Eleanor, Countess of Desmond: Ireland’s ‘Forgotten’ Heroine
“Out of every corner of the woods and glens they came creeping
forth upon their hands for their legs could not bear them, they
looked like anatomies of death, they spoke like ghosts, crying out
of their graves…in a short space there were none almost left and a most
populous and plentiful country suddenly left void of man or beast.”
So the English poet, Edmund Spenser, in 1583 described the province of Munster in the south of Ireland. While the dreadful spectacle of famine, death and decay may have appalled his eyes, Spenser, together with his friends, such as the famous explorer, Sir Walter Raleigh, had actively participated in and personally benefited from Munster’s ruin, as the English Crown wrested the province from the grip of its once powerful overlord – Gearoid (Gerald) Fitzgerald, the 14th Earl of Desmond.
A Price on Desmond’s Head
By 1579 the writing was on the wall for Desmond. Rooted in the feudal tradition of a bygone era, from which he derived his status and wealth, the world outside his Munster domain had moved on. Queen Elizabeth I of England viewed him as a threat to her power in Ireland, his intrigues with Spain a threat to England’s security and the vast acres under his control in Ireland as a potential goldmine. After years of prevarication, in 1579 Elizabeth finally let loose the dogs of war. Desmond was proclaimed a traitor, a price on his head and his lands and numerous castles up for grabs.
Queen Elizabeth I of England. (Public domain)

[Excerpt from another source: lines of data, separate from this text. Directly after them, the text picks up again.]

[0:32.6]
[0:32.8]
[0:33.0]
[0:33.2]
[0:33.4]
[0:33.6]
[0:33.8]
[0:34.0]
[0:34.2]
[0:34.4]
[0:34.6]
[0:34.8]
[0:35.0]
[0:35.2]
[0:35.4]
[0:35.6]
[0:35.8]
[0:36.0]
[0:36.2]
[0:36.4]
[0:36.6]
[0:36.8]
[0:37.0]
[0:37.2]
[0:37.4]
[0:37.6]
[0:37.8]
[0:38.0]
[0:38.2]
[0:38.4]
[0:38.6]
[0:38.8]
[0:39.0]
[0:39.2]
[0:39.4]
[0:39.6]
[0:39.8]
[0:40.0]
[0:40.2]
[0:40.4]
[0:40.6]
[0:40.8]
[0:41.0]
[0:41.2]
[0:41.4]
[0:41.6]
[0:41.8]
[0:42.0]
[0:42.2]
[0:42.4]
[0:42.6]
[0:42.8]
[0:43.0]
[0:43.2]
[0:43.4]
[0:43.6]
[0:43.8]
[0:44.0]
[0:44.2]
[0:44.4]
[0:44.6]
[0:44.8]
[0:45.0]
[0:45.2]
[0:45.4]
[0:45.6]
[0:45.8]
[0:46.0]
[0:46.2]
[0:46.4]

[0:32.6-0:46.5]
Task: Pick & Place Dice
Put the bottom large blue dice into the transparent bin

For three years a savage military campaign was waged against him by Elizabeth’s military generals, aided by her Irish cousin the Earl of Ormond and ironically Desmond’s step-son as well as his bitter rival for power in Ireland. Abandoned by his Spanish allies, ill from dropsy and dysentery, too weak to even mount his horse, Desmond was hunted like a wild animal across the despoiled acres of his vast Munster lordship. Despite his overwhelming liabilities, however, he had one remaining asset - his countess, Eleanor.
The Countess of Desmond
Educated, intelligent, courageous and able, the daughter of Edmund Butler, Baron of Dunboyne, from Kiltinan Castle, county Tipperary, Eleanor’s destiny was as a wife, mother and chatelaine. But instead her marriage in 1565 to the Earl of Desmond, hurled her into a maelstrom of a bitter family feud, international political intrigue, a religious war, the enforced rebellion of her husband and finally social and political melt-down, destitution and ostracism.

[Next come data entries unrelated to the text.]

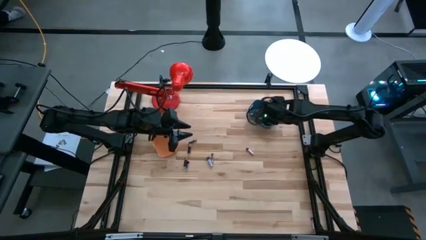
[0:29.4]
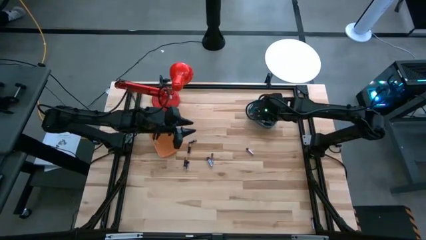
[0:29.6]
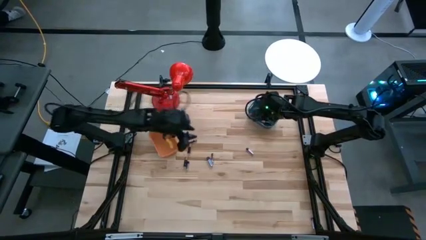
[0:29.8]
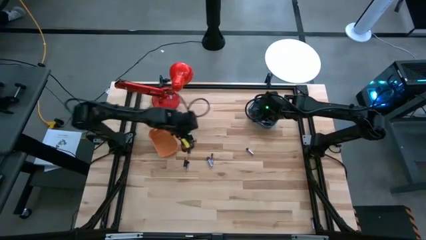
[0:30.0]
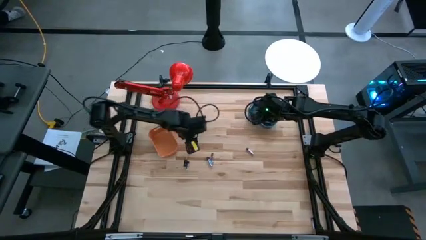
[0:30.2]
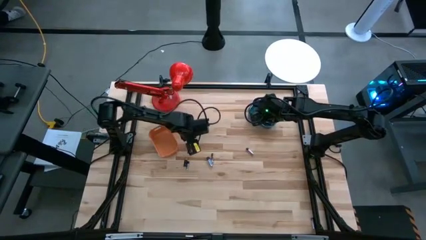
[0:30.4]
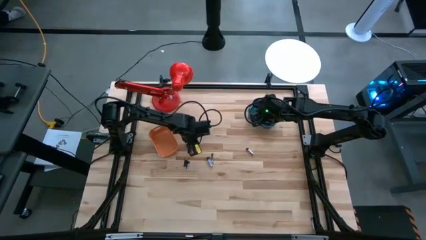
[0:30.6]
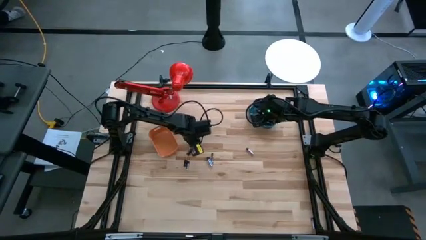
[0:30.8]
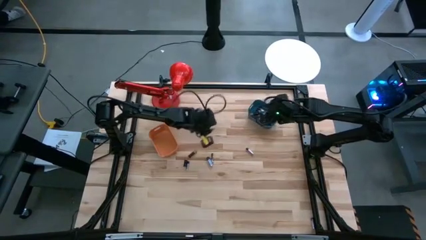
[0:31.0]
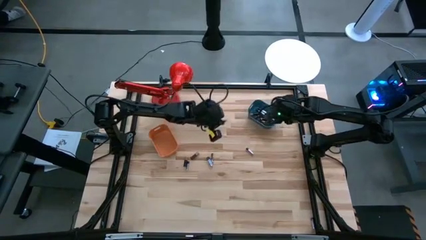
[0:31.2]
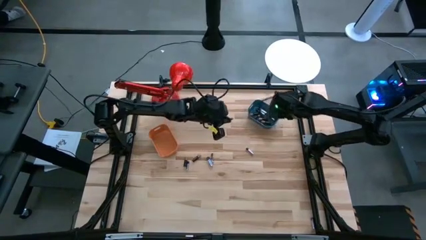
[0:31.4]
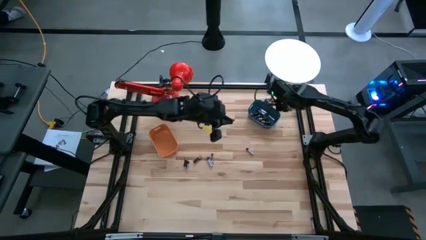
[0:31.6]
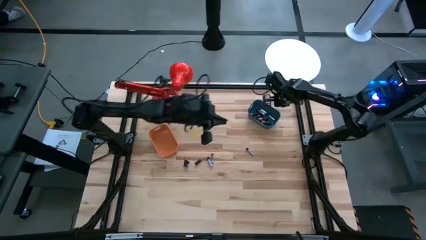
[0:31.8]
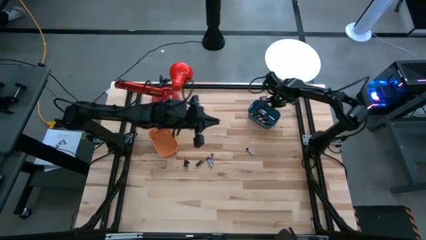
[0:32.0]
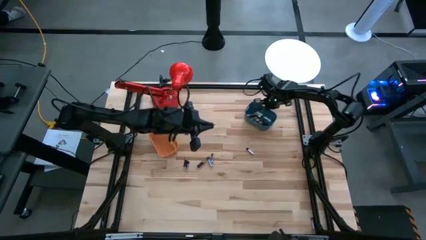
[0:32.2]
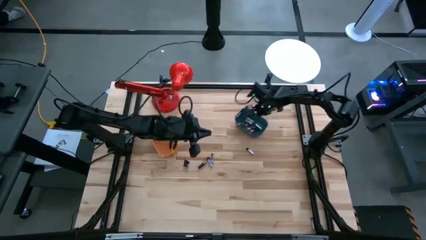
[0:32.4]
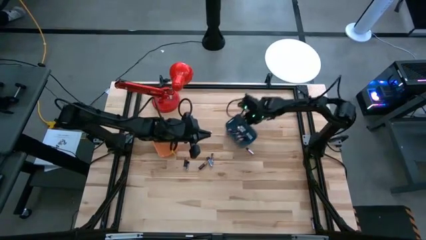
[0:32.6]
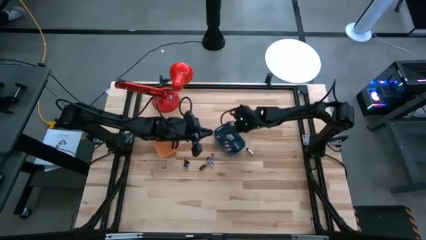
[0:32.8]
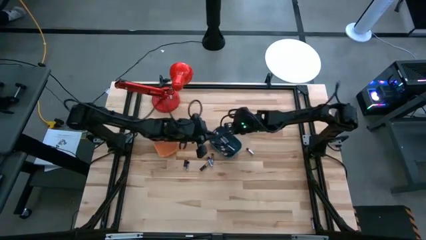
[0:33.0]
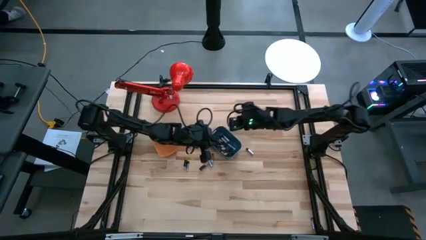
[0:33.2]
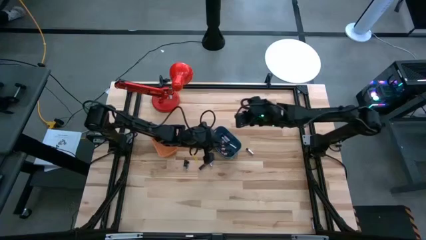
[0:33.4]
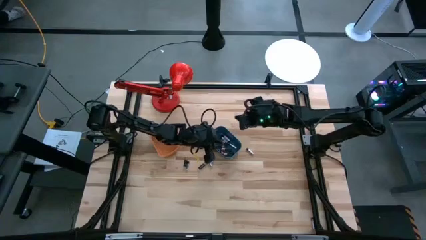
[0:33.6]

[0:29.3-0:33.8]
Task: Sort batteries
Put the black battery into the blue bin

With amazing skill, courage and diplomacy, Eleanor at first tried to mediate with Elizabeth and her administration. Her letters are pragmatic, astute and knowledgeable, as she tried to keep at bay avaricious officials in the Queen’s pay in Ireland, predatory English military generals, as well as power-hungry rivals from within her husband’s own family – all of whom hoped to profit from his downfall. Enduring imprisonment in Dublin Castle and in the Tower of London, exile in the slums of Southwark, her only son held hostage in the tower, her mission, to save the House of Desmond, her husband, her children and herself from annihilation, became her obsession.
Dublin Castle in modern-day Ireland. (Artur Bogacki / Adobe stock)
And when her efforts as a mediator between her husband and Queen Elizabeth were overtaken by international events, she endured three horrific years on the run with Gearoid across the wastelands of his Munster lordship. Enduring a knife-edge existence in desolate hastily-erected shelters in forests and mountains desperately she tried to keep her husband alive until either the vacillating English Queen called off her war dogs or help came from her husband’s fickle ally, King Philip II of Spain.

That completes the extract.